Merry sat quietly, his eyes sad.

 

“It didn’t never seem right,” Sam continued in a rush. “Rose was waiting, and I wanted so much to get back to her, and I did. But I knew deep down, as it were,” and here he slowed, “that Mr. Frodo was – always would be – waiting for me. Like he said, I was ‘torn in two’. And it ain’t never healed. I feel like I made a mistake, or like there wasn’t never no right choice to make.”

 

“Maybe there wasn’t,” said Merry, taking a pull from his pipe.

 

There was a long silence.
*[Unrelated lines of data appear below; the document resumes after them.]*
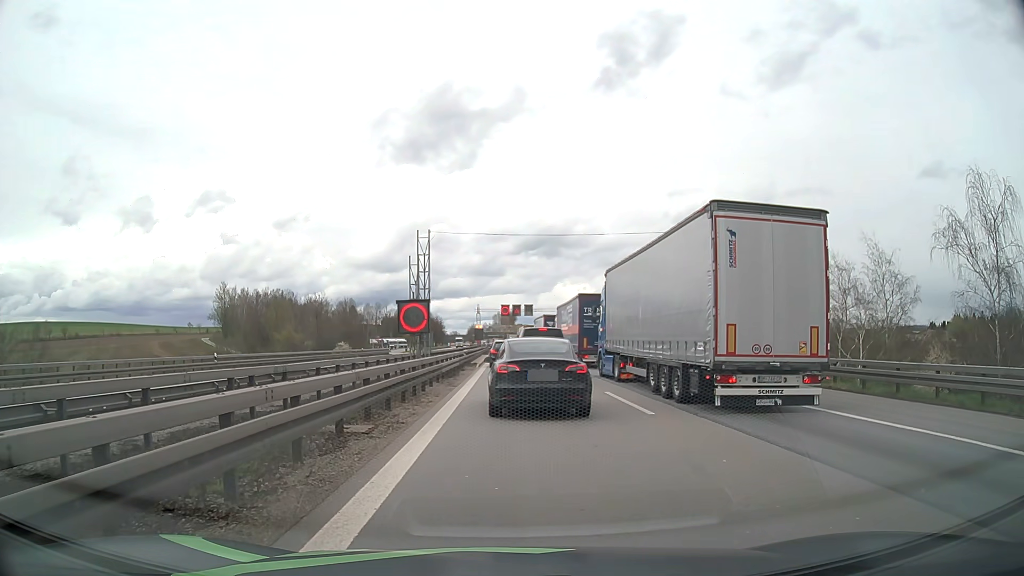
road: motorway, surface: asphalt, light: Day
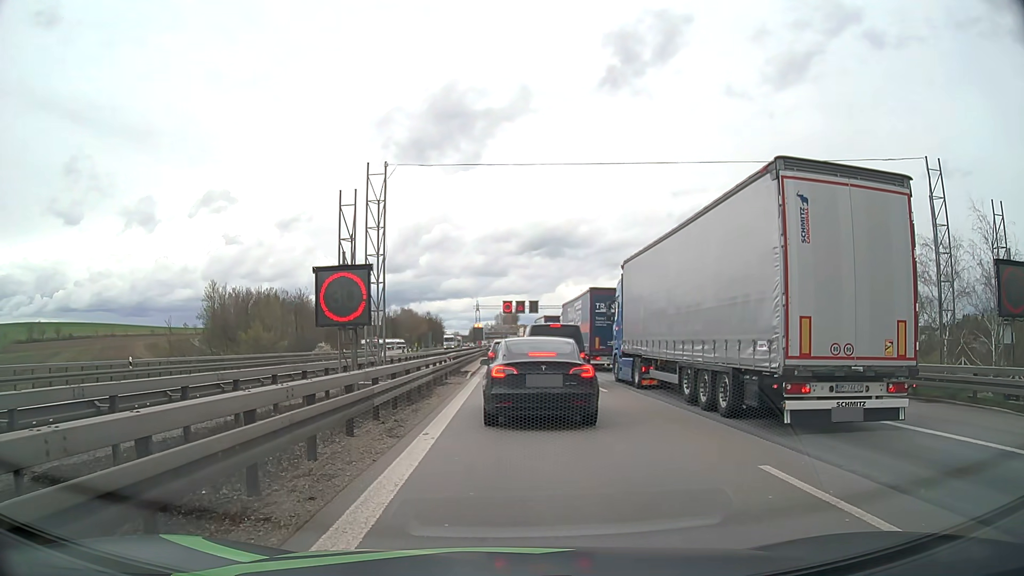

Finally Sam drew himself up, and his face cleared as if he had made a decision. “Master, you didn’t never answer my question,” he said.

 

“I’m sure you know the answer, Sam.”

 

“Do I?”

 

Merry paused, looking at Sam, then beyond him at the surrounding hills. “It’s deep in your heart. You did what you had to do, what others expected of you, what you expected of yourself,” he returned his gaze to Sam. “But you buried something else important. And it wouldn’t be telling any secrets to say that Frodo did the same thing.

 

“He was terribly torn, Sam. But he had to go, for his good – and for yours.”

 

“Then it’s true,” Sam smiled, an odd half-smile: in it were relief, and a shimmering joy – and a sadness deep as the waters of Kheled-zâram. Merry was reminded of Frodo’s smile as he had faced them in the gathering dark, while the white ship silently slipped away and the distance grew wide between. “Then it’s true,” Sam repeated.